Significant overlap in ultrarare variant burden was found between ALS and hereditary spastic paraplegia (HSP), with several HSP-linked gene modifications also present in non-familial ALS patients, indicating cross-disease genetic risk.

Researchers advocate studying multiple related motor neuron disorders together to improve understanding and clinical care, calling for unbiased exploration of motor neuron disease–associated genes and open interpretation of genetic mutations.

The findings support more accurate diagnosis and personalized management for patients and encourage a broader view of genetic contributions across motor neuron diseases.

Key researchers include Gang Wu and Michael Benatar, with contributions from St. Jude, the University of Miami, Mayo Clinic, and other institutions.

Funding came from NIH, NCI, ALS Association, Wellcome Trust, and ALSAC, with support across institutions including St. Jude and Mayo Clinic.

The study incorporated multi-center data from the U.S., Europe, and South Africa as part of the CReATe Consortium’s Phenotype-Genotype-Biomarker study, illustrating a cross-disease, international approach.

Using CoCoRV, the study evaluated ultrarare variant enrichment against healthy controls while leveraging CReATe data from diverse centers to support cross-disease insights.

Researchers from St. Jude and the University of Miami identified ultrarare gene variants contributing to multiple motor neuron diseases, including ALS and HSP.

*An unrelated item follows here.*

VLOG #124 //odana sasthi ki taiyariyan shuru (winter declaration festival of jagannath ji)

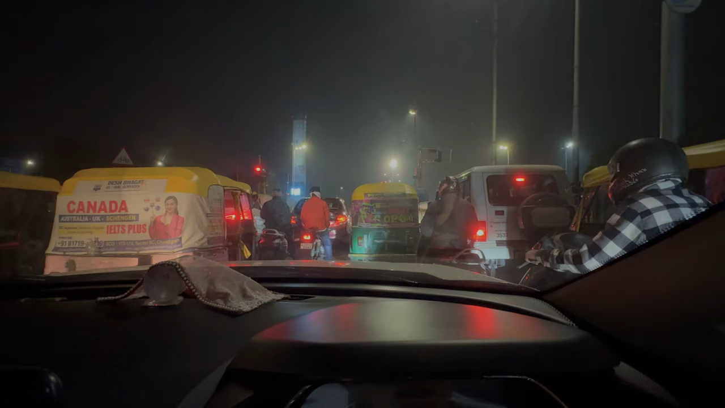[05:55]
तो भाई अभी हम निकल गए हैं, लाइटों पे खड़े हैं, 3-4 लाइटें हो रहेंगी अभी।
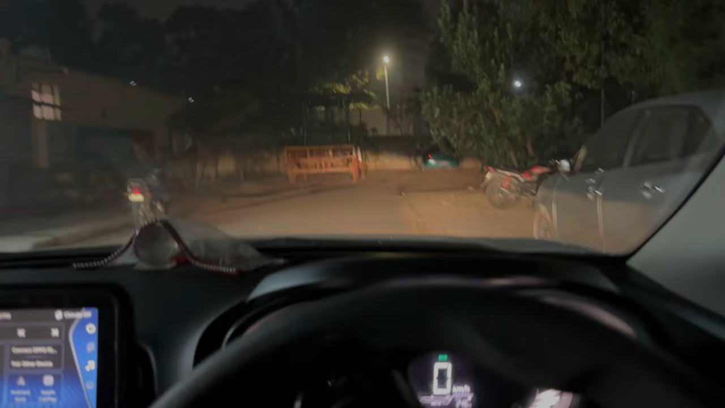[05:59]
भाई पहुँच गए हैं टेम्पल में, आ की ऑल्टर क्लोज करते हाँ 8 बजे आजकल दर्शन बंद।

An analysis of 423 disease-causing variants across 222 ALS and 134 HSP patients used CoCoRV to assess enrichment of ultrarare variants versus healthy controls.

Co-corresponding author Gang Wu and co-author Michael Benatar push for unbiased, open-minded interpretation of genetic mutations linked to specific diseases to advance therapeutics.

The analysis used the CoCoRV tool to assess ultrarare variant enrichment and drew on data from the CReATe Consortium’s Phenotype-Genotype-Biomarker study across centers in the U.S., Europe, and South Africa.

The Translational Neurodegeneration publication highlights how cross-disease insights can inform therapeutic development and diagnostic strategies.

The study was published in Translational Neurodegeneration on October 29, 2025, supported by NIH, NCI, ALS Association, Wellcome Trust, and ALSAC.